Work item:
Please repeat the data below exactly, with the pictures removed.

Data supplied:
________________

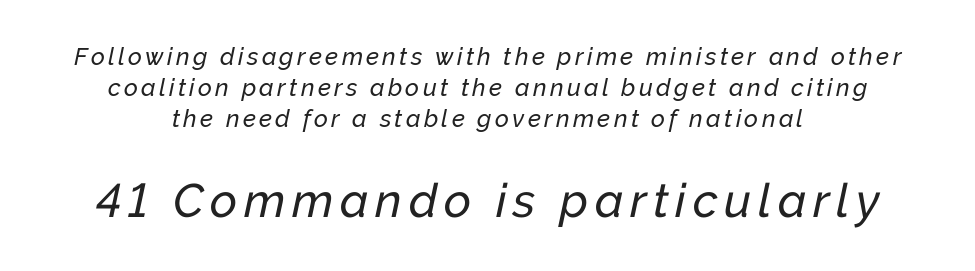
Q: Is the text italic (slanted)? A: Yes, it leans right by about 12 degrees.
Q: Is the text underlined? A: No.
Q: How is the paragraph aligned? A: Centered.
Q: Is the spacing between lines tight, normal or loose? A: Normal.
Q: Which block of text is set in a larger size, the first (top) or the second (bottom)? A: The second (bottom) one.
Q: Width (condensed, normal, or wide)? A: Normal.
Q: Stroke contrast? A: Low.
Q: x-height? A: Medium.
Q: Monospaced? A: No.
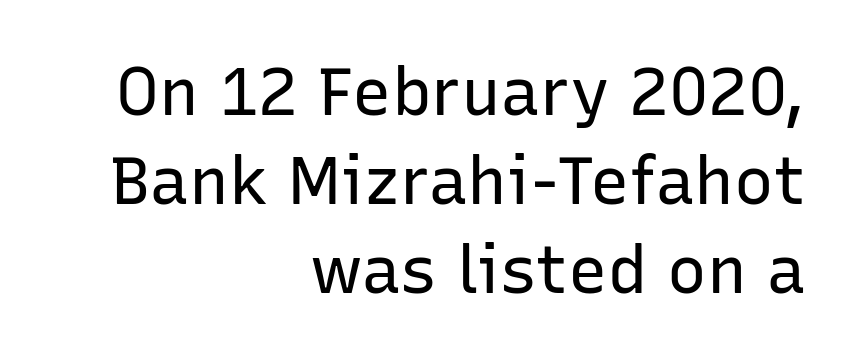
Q: Is the text bold? A: No.
Q: Is the text italic (slanted)? A: No, it is upright.
Q: Is the typeface a serif or a sans-serif typeface? A: Sans-serif.
Q: Is the text underlined? A: No.
Q: How is the paragraph aligned? A: Right-aligned.
Q: Is the spacing between letters normal or unusually wide? A: Normal.
Q: Is the spacing between lines tight, normal or loose? A: Normal.
Q: Width (condensed, normal, or wide)? A: Normal.
Q: Stroke contrast? A: Low.
Q: x-height? A: Medium.
Q: Monospaced? A: No.

________________

Your solution:
Q: Is the text italic (slanted)? A: Yes, it leans right by about 12 degrees.
Q: Is the text underlined? A: No.
Q: How is the paragraph aligned? A: Centered.
Q: Is the spacing between lines tight, normal or loose? A: Normal.
Q: Which block of text is set in a larger size, the first (top) or the second (bottom)? A: The second (bottom) one.
Q: Width (condensed, normal, or wide)? A: Normal.
Q: Stroke contrast? A: Low.
Q: x-height? A: Medium.
Q: Monospaced? A: No.
Q: Is the text bold? A: No.
Q: Is the text italic (slanted)? A: No, it is upright.
Q: Is the typeface a serif or a sans-serif typeface? A: Sans-serif.
Q: Is the text underlined? A: No.
Q: How is the paragraph aligned? A: Right-aligned.
Q: Is the spacing between letters normal or unusually wide? A: Normal.
Q: Is the spacing between lines tight, normal or loose? A: Normal.
Q: Width (condensed, normal, or wide)? A: Normal.
Q: Stroke contrast? A: Low.
Q: x-height? A: Medium.
Q: Monospaced? A: No.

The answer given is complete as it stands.